Deutsches Wirtschaftswachstum schwächt sich im dritten Quartal 2016 spürbar ab

Im dritten Quartal dieses Jahres erhöhte sich das Bruttoinlandsprodukt (BIP) in Deutschland preis-, saison- und kalenderbereinigt nur noch leicht um 0,2 Prozent gegenüber dem Vorquartal, wie das Statistische Bundesamt (Destatis) mitteilt. Dem „Handelsblatt“ zufolge rechneten deutsche Volkswirte mit einem Anstieg von 0,3 Prozent. Im zweiten Quartal 2016 wurde noch ein Plus von 0,4 Prozent und im ersten Vierteljahr von 0,7 Prozent verzeichnet.

Den Angaben der Behörde zufolge ging die Wirtschaftsleistung auf 43,7 Millionen Erwerbstätige im Inland zurück.
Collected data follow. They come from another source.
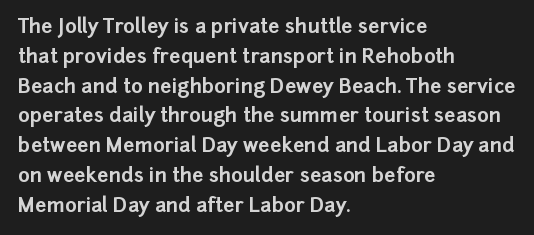
Q: Is the text bold? A: Yes.
Q: Is the text italic (slanted)? A: No, it is upright.
Q: Is the text underlined? A: No.
Q: How is the paragraph aligned? A: Left-aligned.
Q: Is the spacing between letters normal or unusually wide? A: Normal.
Q: Is the spacing between lines tight, normal or loose? A: Normal.
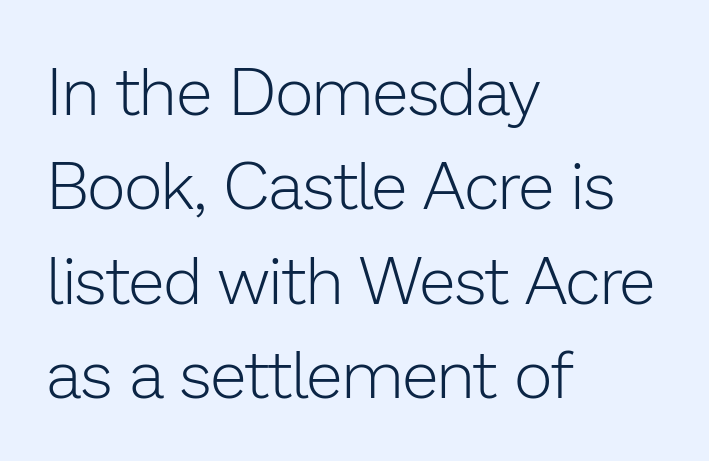
The image shows 66 px light sans-serif type, upright; set left-aligned, normal line spacing (1.43x), normal letter spacing, not underlined; low stroke contrast and a medium x-height.
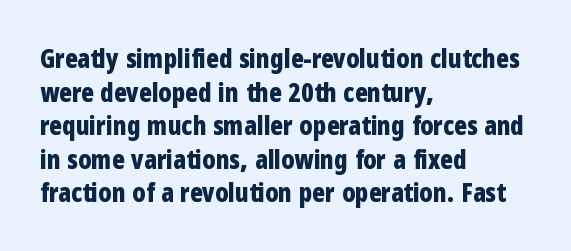
Regarding leading, the lines here are spaced in the standard way. Nothing unusual about the tracking: characters are spaced as the font intends. Clear beneath every line of the passage. The compositor pushed each line to the left boundary. Ascenders rise straight up at ninety degrees. The font is running at its bold setting.
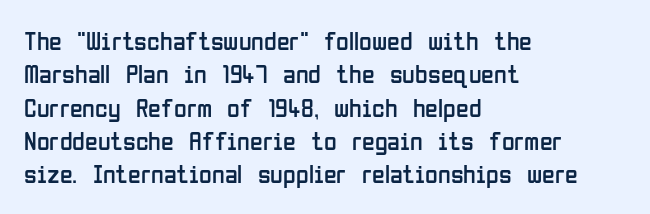
Q: Is the text bold? A: No.
Q: Is the text italic (slanted)? A: No, it is upright.
Q: Is the text underlined? A: No.
Q: How is the paragraph aligned? A: Left-aligned.
Q: Is the spacing between letters normal or unusually wide? A: Normal.
Q: Is the spacing between lines tight, normal or loose? A: Normal.
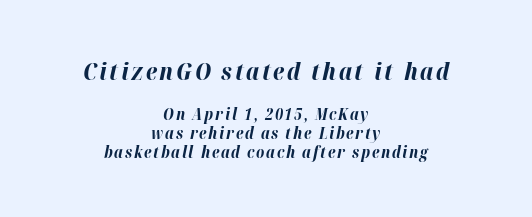
This is heavy type, rendered in bold. The area under the type is left untouched. Horizontally, the lines are justified to the midpoint only. This is oblique type, the kind used for emphasis or titles. Typesetter's note — upper block bumped up in size, lower block left smaller.
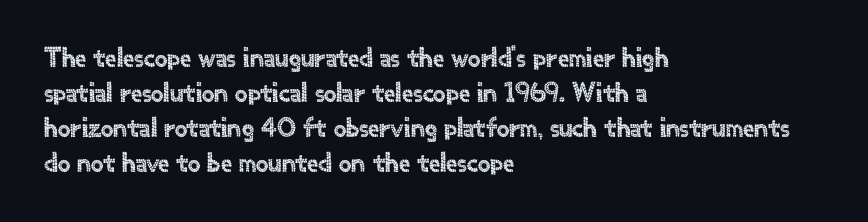
The image shows 28 px sans-serif type, upright; set left-aligned, normal line spacing (1.25x), normal letter spacing, not underlined; a small x-height.
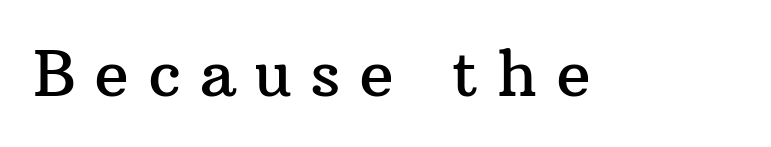
{"serif": "yes", "italic": "no", "width": "normal", "stroke_contrast": "medium", "x_height": "medium", "monospaced": "no", "underline": "no", "letter_spacing": "wide", "letter_spacing_em": 0.29, "glyph_px": 64}
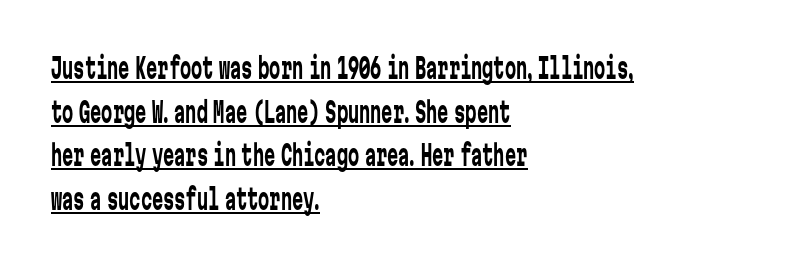
{"serif": "no", "italic": "no", "bold": "no", "weight": "regular", "width": "condensed", "stroke_contrast": "low", "x_height": "medium", "monospaced": "yes", "underline": "yes", "align": "left", "line_spacing": "normal", "line_spacing_ratio": 1.56, "letter_spacing": "normal", "letter_spacing_em": 0.0, "glyph_px": 28}
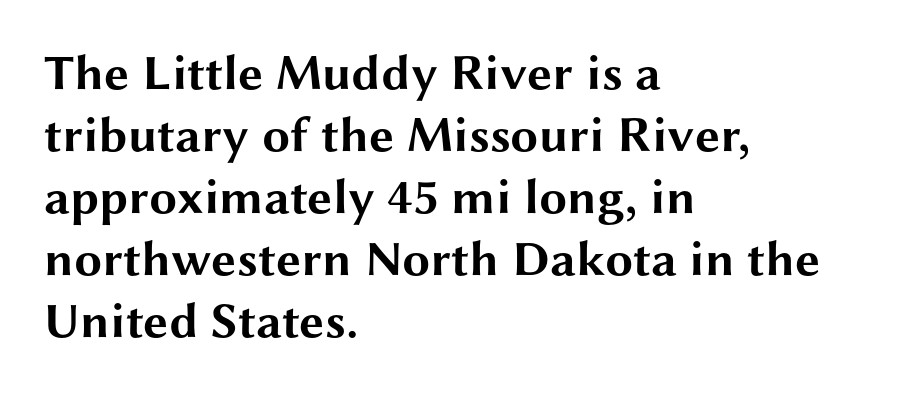
The image shows 50 px bold, wide sans-serif type, upright; set left-aligned, line spacing 1.24x, normal letter spacing, not underlined; medium stroke contrast and a medium x-height.
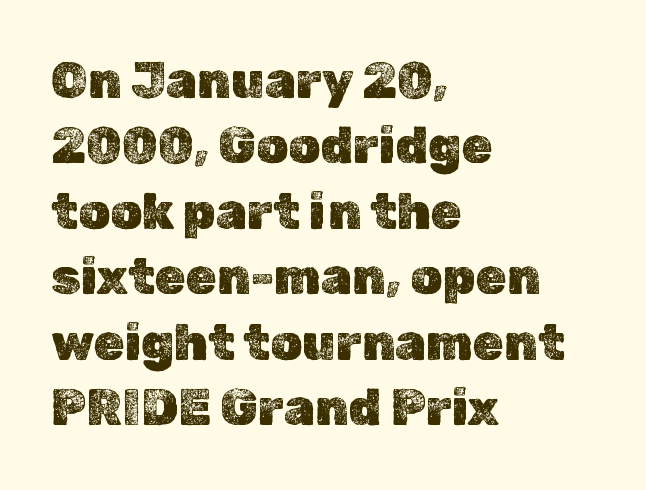
The image shows 50 px text type, upright; set left-aligned, normal line spacing (1.31x), normal letter spacing, not underlined; a medium x-height.
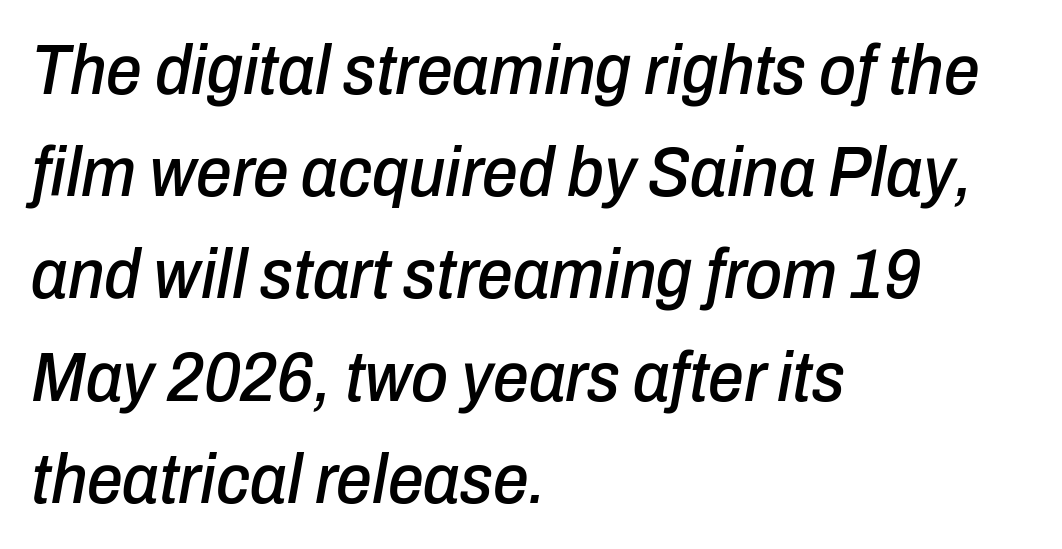
{"italic": "yes", "lean": "right", "slant_degrees": 10, "width": "condensed", "stroke_contrast": "low", "x_height": "medium", "monospaced": "no", "underline": "no", "align": "left", "line_spacing": "normal", "line_spacing_ratio": 1.44, "letter_spacing": "normal", "letter_spacing_em": 0.0, "glyph_px": 71}
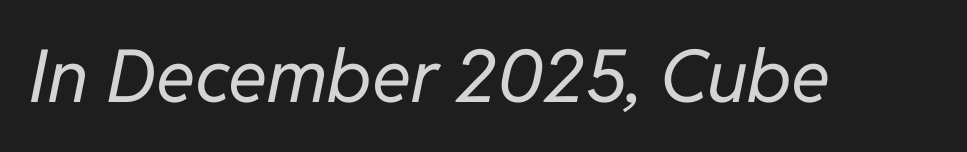
The image shows 73 px regular-weight type, italic (leaning right); set normal letter spacing, not underlined; low stroke contrast and a medium x-height.
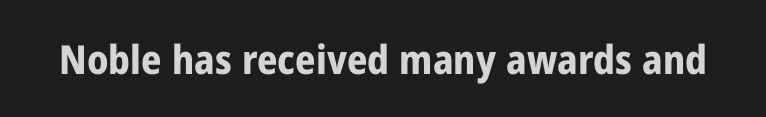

Damit waren 388.000 Personen oder 0,9 Prozent mehr gegenüber dem Vorjahreszeitraum am Wachstum der deutschen Wirtschaft beteiligt. Der Aufschwung wurde dabei maßgeblich vom inländischen Konsum getragen, wobei „sowohl die privaten als auch die staatlichen Konsumausgaben“ zwischen Juli und September 2016 weiter zulegten. Wie das Statistische Bundesamt außerdem mitteilt, „wurde in Ausrüstungen etwas weniger und in Bauten etwas mehr investiert als im Vorquartal“. Dagegen gingen die Exporte gegenüber dem zweiten Quartal 2016 „leicht“ zurück, während die Importe „geringfügig“ zulegten.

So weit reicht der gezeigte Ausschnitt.